History is the only thing that we have any data from. There is no data on the future. Tukey himself recognised the problem and coined the phrase uncomfortable science for inferences from observations whose repetition was not feasible or practical.
In his recent book Strategy: A History (Oxford University Press, 2013), Lawrence Freedman points out the risks of managing by anecdote “The Trouble with Stories” (pp615-618). As Nobel laureate psychologist Daniel Kahneman has investigated at length, our interpretation of anecdote is beset by all manner of cognitive biases such as the availability heuristic and base rate fallacy. The traps for the statistically naïve are perilous.

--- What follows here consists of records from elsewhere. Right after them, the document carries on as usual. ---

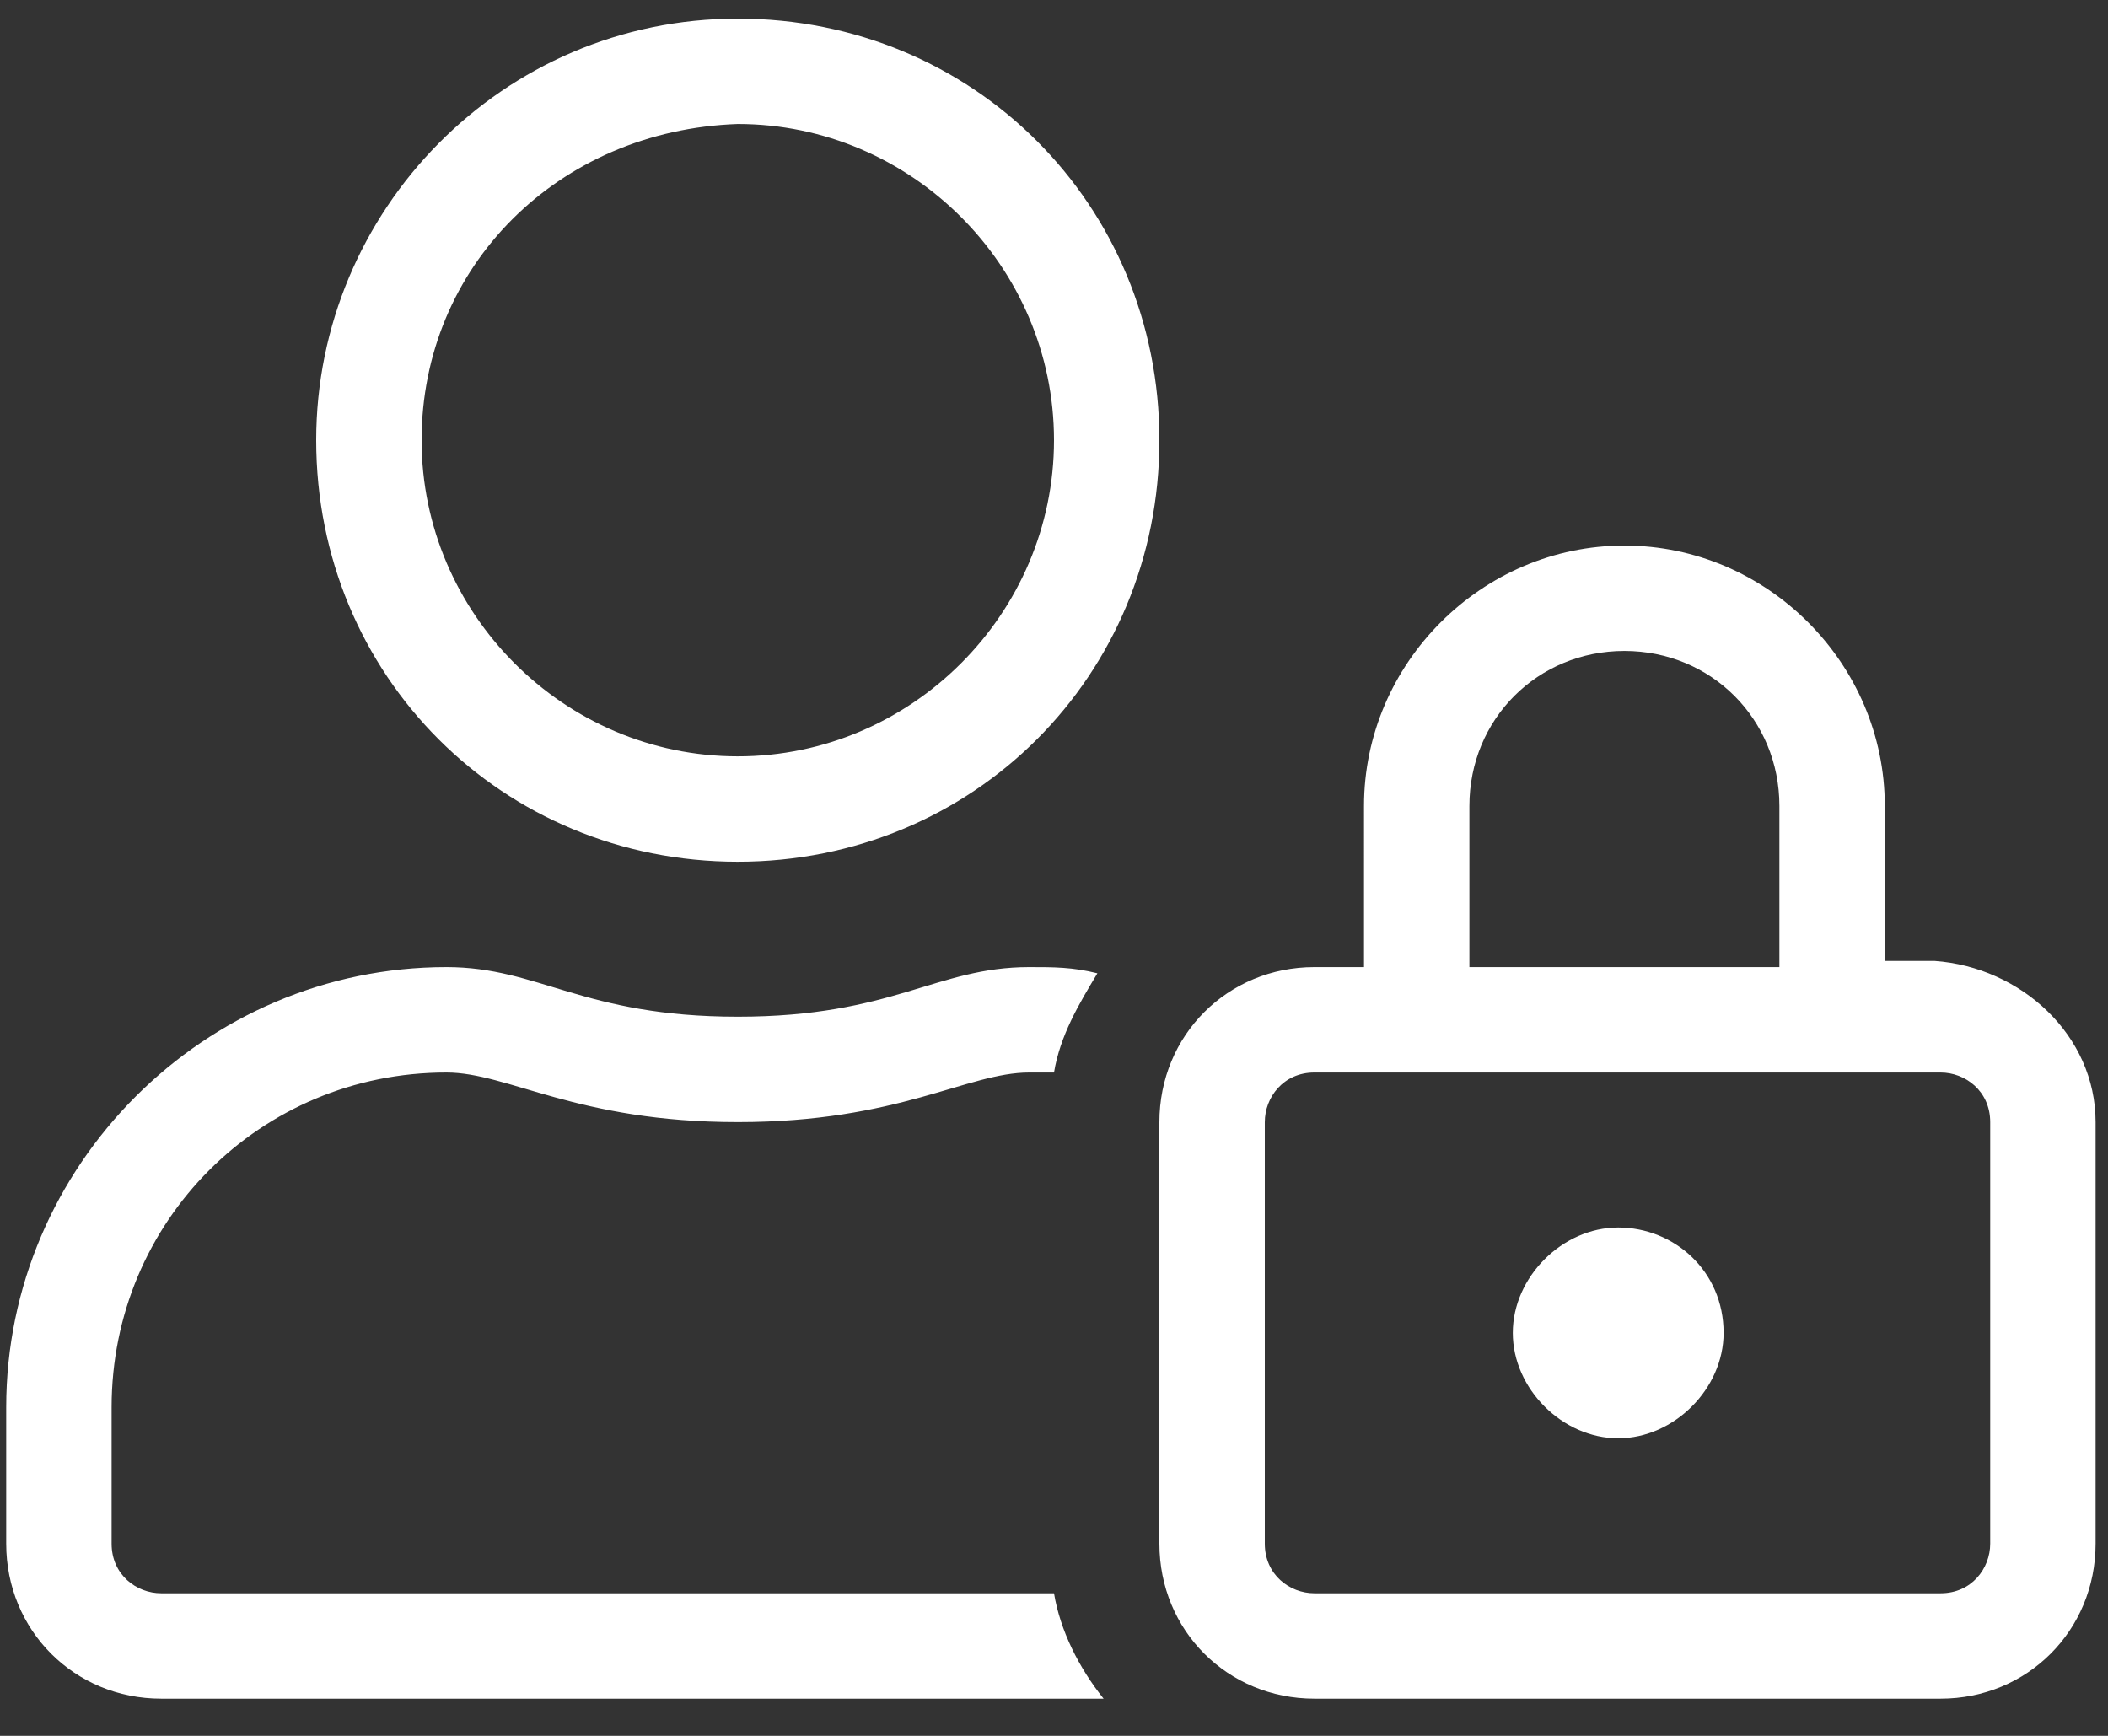 <?xml version="1.0" encoding="UTF-8"?>
<svg xmlns="http://www.w3.org/2000/svg" xmlns:xlink="http://www.w3.org/1999/xlink" version="1.1" id="Ebene_1" x="0px" y="0px" viewBox="0 0 34 28" style="enable-background:new 0 0 34 28;" xml:space="preserve">
<rect x="0" y="0" width="34" height="28" fill="#333333" stroke="none"/>
<style type="text/css">
	.st0{enable-background:new    ;}
	.st1{fill:#FFFFFF;}
</style>
<g id="Gruppe_179" transform="translate(-1043 -853)">
	<g class="st0">
		<path class="st1" d="M1060,878.7c0.1,0.6,0.4,1.2,0.8,1.7h-15.2c-1.4,0-2.5-1.1-2.5-2.5v-2.2c0-3.9,3.2-7.1,7.1-7.1    c1.5,0,2.2,0.8,4.7,0.8s3.2-0.8,4.7-0.8c0.4,0,0.7,0,1.1,0.1c-0.3,0.5-0.6,1-0.7,1.6c-0.1,0-0.3,0-0.4,0c-1,0-2.1,0.8-4.7,0.8    s-3.7-0.8-4.7-0.8c-3,0-5.4,2.4-5.4,5.4v2.2c0,0.5,0.4,0.8,0.8,0.8H1060z M1048.1,860.1c0-3.7,3-6.8,6.8-6.8s6.8,3,6.8,6.8    s-3,6.8-6.8,6.8S1048.1,863.9,1048.1,860.1z M1049.8,860.1c0,2.8,2.3,5.1,5.1,5.1s5.1-2.3,5.1-5.1s-2.3-5.1-5.1-5.1    C1052,855.1,1049.8,857.3,1049.8,860.1z M1076.8,871.1v6.8c0,1.4-1.1,2.5-2.5,2.5h-10.1c-1.4,0-2.5-1.1-2.5-2.5v-6.8    c0-1.4,1.1-2.5,2.5-2.5h0.8V866c0-2.3,1.9-4.2,4.2-4.2s4.2,1.9,4.2,4.2v2.5h0.8C1075.6,868.6,1076.8,869.7,1076.8,871.1z     M1075.1,871.1c0-0.5-0.4-0.8-0.8-0.8h-10.1c-0.5,0-0.8,0.4-0.8,0.8v6.8c0,0.5,0.4,0.8,0.8,0.8h10.1c0.5,0,0.8-0.4,0.8-0.8V871.1z     M1066.6,868.6h5.1V866c0-1.4-1.1-2.5-2.5-2.5s-2.5,1.1-2.5,2.5V868.6z M1070.8,874.5c0,0.9-0.8,1.7-1.7,1.7s-1.7-0.8-1.7-1.7    s0.8-1.7,1.7-1.7S1070.8,873.5,1070.8,874.5z"></path>
	</g>
</g>
</svg>

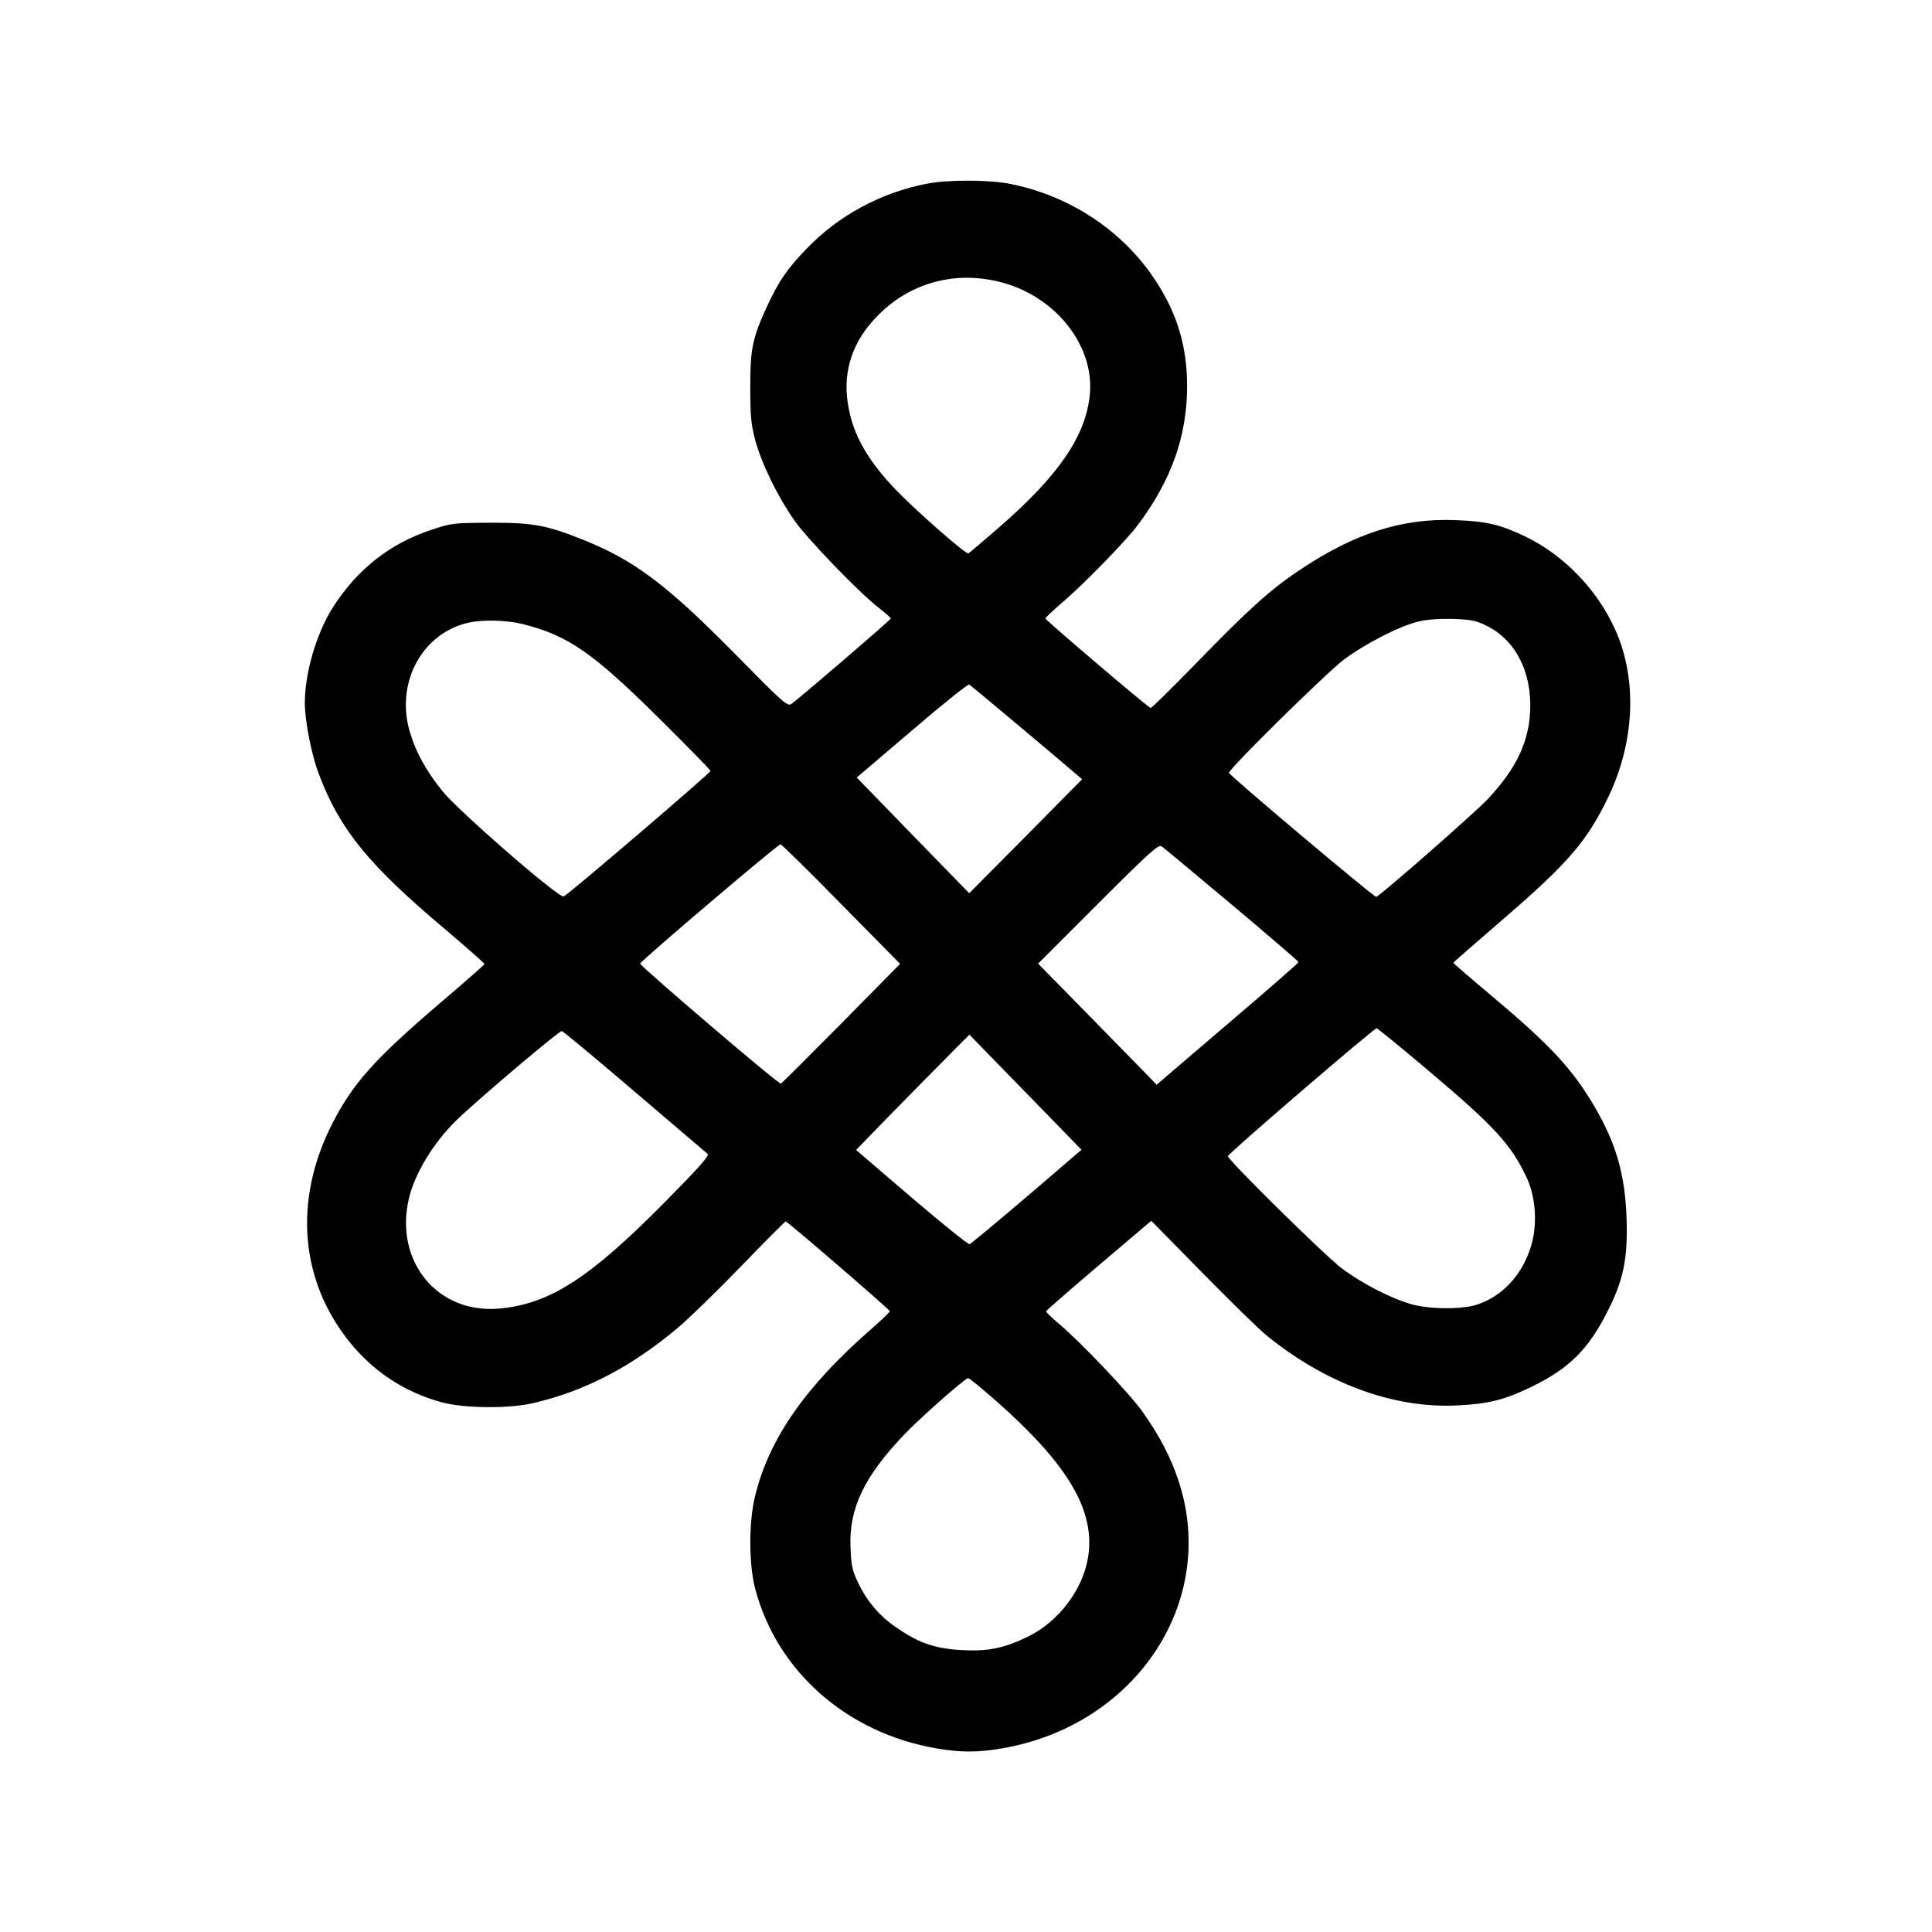 <?xml version="1.0" standalone="no"?>
<!DOCTYPE svg PUBLIC "-//W3C//DTD SVG 20010904//EN"
 "http://www.w3.org/TR/2001/REC-SVG-20010904/DTD/svg10.dtd">
<svg version="1.0" xmlns="http://www.w3.org/2000/svg"
 width="900pt" height="900pt" viewBox="0 0 900 900"
 preserveAspectRatio="xMidYMid meet">
<g transform="translate(0,900) scale(0.1,-0.1)"
fill="#000000" stroke="none">
<path d="M4316 8144 c-215 -42 -411 -149 -559 -303 -92 -96 -128 -149 -182
-264 -70 -152 -80 -199 -80 -382 0 -135 4 -173 23 -245 31 -113 105 -264 183
-375 65 -91 302 -337 397 -410 28 -22 51 -43 52 -46 0 -6 -420 -367 -463 -398
-19 -13 -36 2 -266 236 -315 319 -465 432 -701 527 -174 70 -235 81 -435 81
-175 -1 -182 -2 -275 -33 -194 -64 -343 -182 -458 -359 -77 -121 -132 -306
-132 -448 0 -81 31 -242 65 -330 96 -256 230 -422 584 -720 104 -88 189 -163
188 -166 -1 -4 -96 -87 -212 -186 -304 -260 -403 -372 -500 -563 -178 -353
-147 -725 83 -1011 112 -139 257 -234 428 -281 108 -29 314 -31 429 -4 240 56
455 168 672 350 51 43 184 172 295 287 111 115 205 209 208 209 9 0 485 -411
485 -418 0 -4 -38 -41 -85 -82 -306 -267 -476 -509 -542 -777 -31 -123 -30
-324 1 -438 103 -384 429 -669 845 -740 112 -19 190 -19 302 0 628 107 1011
688 823 1250 -36 108 -90 211 -167 319 -61 86 -293 329 -391 411 -33 28 -59
53 -58 57 1 3 112 100 246 214 l244 207 236 -240 c130 -132 265 -265 301 -294
277 -225 593 -341 889 -326 146 7 220 26 346 87 175 85 265 175 354 352 74
145 95 249 88 436 -7 201 -49 346 -149 517 -104 176 -202 282 -470 508 -104
87 -188 160 -188 162 0 2 105 93 233 204 302 260 391 364 489 568 123 256 136
546 34 776 -83 188 -240 351 -421 438 -114 55 -182 71 -325 76 -250 10 -473
-62 -731 -236 -133 -89 -240 -186 -485 -439 -108 -111 -200 -201 -204 -200
-16 6 -490 409 -490 417 0 4 37 39 83 78 100 87 287 278 345 354 157 208 232
416 232 649 0 187 -46 340 -149 496 -153 232 -403 396 -684 449 -97 18 -287
18 -381 -1z m379 -468 c238 -76 402 -296 382 -512 -18 -193 -143 -377 -421
-619 -76 -66 -141 -121 -145 -123 -12 -4 -218 176 -321 279 -148 150 -219 275
-241 423 -23 154 26 294 145 411 160 159 382 210 601 141z m2226 -1589 c138
-66 216 -217 207 -401 -7 -145 -66 -268 -197 -408 -61 -65 -496 -446 -520
-456 -9 -3 -686 567 -686 578 0 19 452 464 535 527 97 73 256 155 345 177 38
10 96 14 160 13 85 -3 109 -7 156 -30z m-4479 4 c206 -53 320 -132 626 -435
133 -132 242 -243 242 -247 0 -10 -665 -578 -684 -585 -23 -9 -494 401 -566
492 -76 95 -123 180 -150 272 -68 224 49 452 259 508 69 19 188 17 273 -5z
m2308 -475 c124 -104 240 -202 258 -218 l33 -28 -263 -266 -263 -265 -262 269
-262 270 257 219 c141 121 262 218 267 214 6 -3 111 -91 235 -195z m-830 -829
l273 -277 -274 -278 c-151 -152 -277 -278 -281 -280 -10 -5 -659 550 -656 559
6 16 644 558 654 556 6 -1 134 -127 284 -280z m1819 -2 c170 -143 310 -263
310 -267 1 -3 -148 -133 -330 -288 l-331 -283 -62 64 c-34 35 -159 162 -276
282 l-214 218 279 279 c245 245 282 278 297 267 9 -6 156 -129 327 -272z m909
-767 c317 -268 391 -349 464 -504 43 -92 51 -223 19 -323 -41 -130 -129 -226
-246 -267 -67 -24 -218 -24 -305 -1 -95 26 -233 96 -330 169 -75 56 -525 499
-530 522 -3 9 679 595 693 596 4 0 109 -86 235 -192z m-3692 -103 c180 -154
333 -284 340 -290 10 -8 -38 -62 -194 -220 -355 -360 -543 -481 -779 -501
-287 -24 -487 222 -418 514 28 117 115 260 222 364 92 90 478 417 490 415 6
-1 159 -128 339 -282z m1821 -3 l261 -268 -254 -218 c-140 -119 -260 -219
-267 -222 -7 -2 -128 96 -270 217 l-259 222 64 66 c59 62 462 471 464 471 0 0
118 -121 261 -268z m-138 -1437 c336 -296 464 -512 430 -727 -23 -151 -137
-302 -280 -372 -111 -54 -185 -69 -304 -63 -123 6 -200 31 -300 99 -85 56
-145 125 -189 218 -26 55 -31 79 -34 161 -8 182 64 332 252 528 80 83 282 261
296 261 6 0 63 -47 129 -105z"/>
</g>
</svg>

But it would be a fool who would ignore all evidence that could not be subjected to formal validation. With a background knowledge of statistical theory and psychological biases, it is possible to manage trenchantly. Bayes’ theorem suggests that all evidence has its value.
I think that the rather prosaic answer to the question posed at the head of this blog is that data is the plural of anecdote, as it is the singular, but anecdotes are not the best form of data. They may be all you have in the real world. It would be wise to have the sophistication to exploit them.